The proposed operational coverage may be particularly helpful for test suite augmentation. After the developer has derived the test suite to verify a given program, two main things could happen: (i) for all the code exercised by the program’s users, there exist at least one test case in the test suite that covers that code; or (ii) there exist some code exercised by the program’s users for which there does not exist any test case in the test suite. Operational coverage would acknowledge the former case by yielding 100% coverage. For the latter case, it would provide an assessment of the extent to which the derived test suite is adequate to that specific operational profile. Moreover, it would also provide the precise portions of code that are actually exercised by the program’s users and that are not covered by the test suite, guiding the test suite enhancement process towards the real usage of the program. Regarding traditional coverage, for the case (i), if the test suite does not achieve 100% traditional coverage — probably the case — the developer cannot tell whether or not all the code that is relevant to the program’s users has been covered. Similarly, for case (ii) traditional coverage does not help the developer unless they are willing to augment the test suite until 100% traditional coverage is reached, which may be impractical even for small programs.

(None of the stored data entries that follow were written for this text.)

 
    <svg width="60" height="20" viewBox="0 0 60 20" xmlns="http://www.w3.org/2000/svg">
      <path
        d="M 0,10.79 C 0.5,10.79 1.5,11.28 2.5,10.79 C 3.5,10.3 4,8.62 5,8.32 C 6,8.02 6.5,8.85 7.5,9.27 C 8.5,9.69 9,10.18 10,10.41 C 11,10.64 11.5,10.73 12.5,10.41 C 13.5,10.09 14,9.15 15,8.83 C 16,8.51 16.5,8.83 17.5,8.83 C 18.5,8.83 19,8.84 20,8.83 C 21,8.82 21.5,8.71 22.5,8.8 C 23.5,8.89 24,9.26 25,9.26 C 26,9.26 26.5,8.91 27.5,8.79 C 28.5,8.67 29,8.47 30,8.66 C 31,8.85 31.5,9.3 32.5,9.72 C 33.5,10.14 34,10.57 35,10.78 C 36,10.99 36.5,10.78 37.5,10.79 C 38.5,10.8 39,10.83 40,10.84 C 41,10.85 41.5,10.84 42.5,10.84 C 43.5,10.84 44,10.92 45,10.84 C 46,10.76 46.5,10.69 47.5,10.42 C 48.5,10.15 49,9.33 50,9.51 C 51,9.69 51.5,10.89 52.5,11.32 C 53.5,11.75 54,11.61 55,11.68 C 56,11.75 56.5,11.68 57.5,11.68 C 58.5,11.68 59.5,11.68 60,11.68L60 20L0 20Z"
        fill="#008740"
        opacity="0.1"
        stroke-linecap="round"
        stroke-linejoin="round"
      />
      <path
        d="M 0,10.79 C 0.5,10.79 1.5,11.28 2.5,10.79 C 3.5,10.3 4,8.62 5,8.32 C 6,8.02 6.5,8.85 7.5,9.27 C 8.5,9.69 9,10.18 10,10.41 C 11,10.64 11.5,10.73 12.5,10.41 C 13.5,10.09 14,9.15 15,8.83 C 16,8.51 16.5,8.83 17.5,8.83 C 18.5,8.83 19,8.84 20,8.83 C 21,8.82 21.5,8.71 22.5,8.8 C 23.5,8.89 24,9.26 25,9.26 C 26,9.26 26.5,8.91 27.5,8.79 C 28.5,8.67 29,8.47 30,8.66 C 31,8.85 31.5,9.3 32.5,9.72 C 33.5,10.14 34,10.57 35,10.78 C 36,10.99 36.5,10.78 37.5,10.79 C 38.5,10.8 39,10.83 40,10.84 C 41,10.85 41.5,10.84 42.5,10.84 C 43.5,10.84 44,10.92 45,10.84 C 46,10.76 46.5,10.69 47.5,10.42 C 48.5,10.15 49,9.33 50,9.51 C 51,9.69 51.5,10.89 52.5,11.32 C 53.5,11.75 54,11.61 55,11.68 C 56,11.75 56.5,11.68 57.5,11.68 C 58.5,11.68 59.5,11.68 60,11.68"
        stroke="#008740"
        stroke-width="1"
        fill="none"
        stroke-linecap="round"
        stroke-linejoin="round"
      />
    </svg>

Even though we believe that operational coverage may be a promising approach for operational profile-based test case selection, its adoption may not be as straightforward as it was for adequacy criterion. As anticipated in Section 5.3, one of the issues involved is that of collateral coverage. To overcome this effect, some fairly sophisticated selection approach that takes into account not only the relevance of the entities to be covered, but also the way the candidate test cases cover those entities needs to be devised. We plan to investigate this as part of our future work.

The importance groups as well as the weights assigned to them play a fundamental role in the operational coverage equation as discussed in Section 2. When the weights are assigned as we did for our experiments, i.e., more weight to the “high” group and less weight to the “low” group, the operational coverage approach will privilege those entities that are expected to be exercised more frequently by the program’s users. In different contexts, however, the testing objective could be different. For example, one could be interested in testing the areas of the program that are less frequently exercised in the attempt of finding possibly latent, difficult to find, faults. In that case, more weight should be assigned to the “low” group (Bertolino et al. 2017). As for any testing strategy, considering the context and the testing objectives is of fundamental importance when defining the operational coverage parameters.

Whatever strategy is adopted to assign weights to program entities, this is anyhow based on the count spectra and as such cannot consider the potential impact of failures, as is done in so-called risk-based testing (Erdogan et al. 2014; Felderer and Ramler 2014). In risk-based testing, test selection or prioritization is driven by the potential risk of failures, which is given by both their probability of occurrence (as in operational testing) and their impact. In our approach, we do consider the likelihood of failures, but not their consequence. Thus, parts of the system under test that are rarely used could not receive adequate testing and possibly lead to serious damages after time in operation. This limitation is common with SRET (Musa 1993) and any other reliability-driven testing approach. If the subject of test has safety-critical functions, then different test strategies that are risk-aware should be also considered.

Operational coverage is the very first attempt to tune coverage testing based on program count spectra. In particular, here, we used a simple approach to map count spectrum of branches, statements, and functions into a coverage measure. Of course more empirical studies are required to further assess the usage of operational coverage for test case selection and adequacy. However, we believe that the very idea introduced here paves the way to exploring many other powerful coverage measures.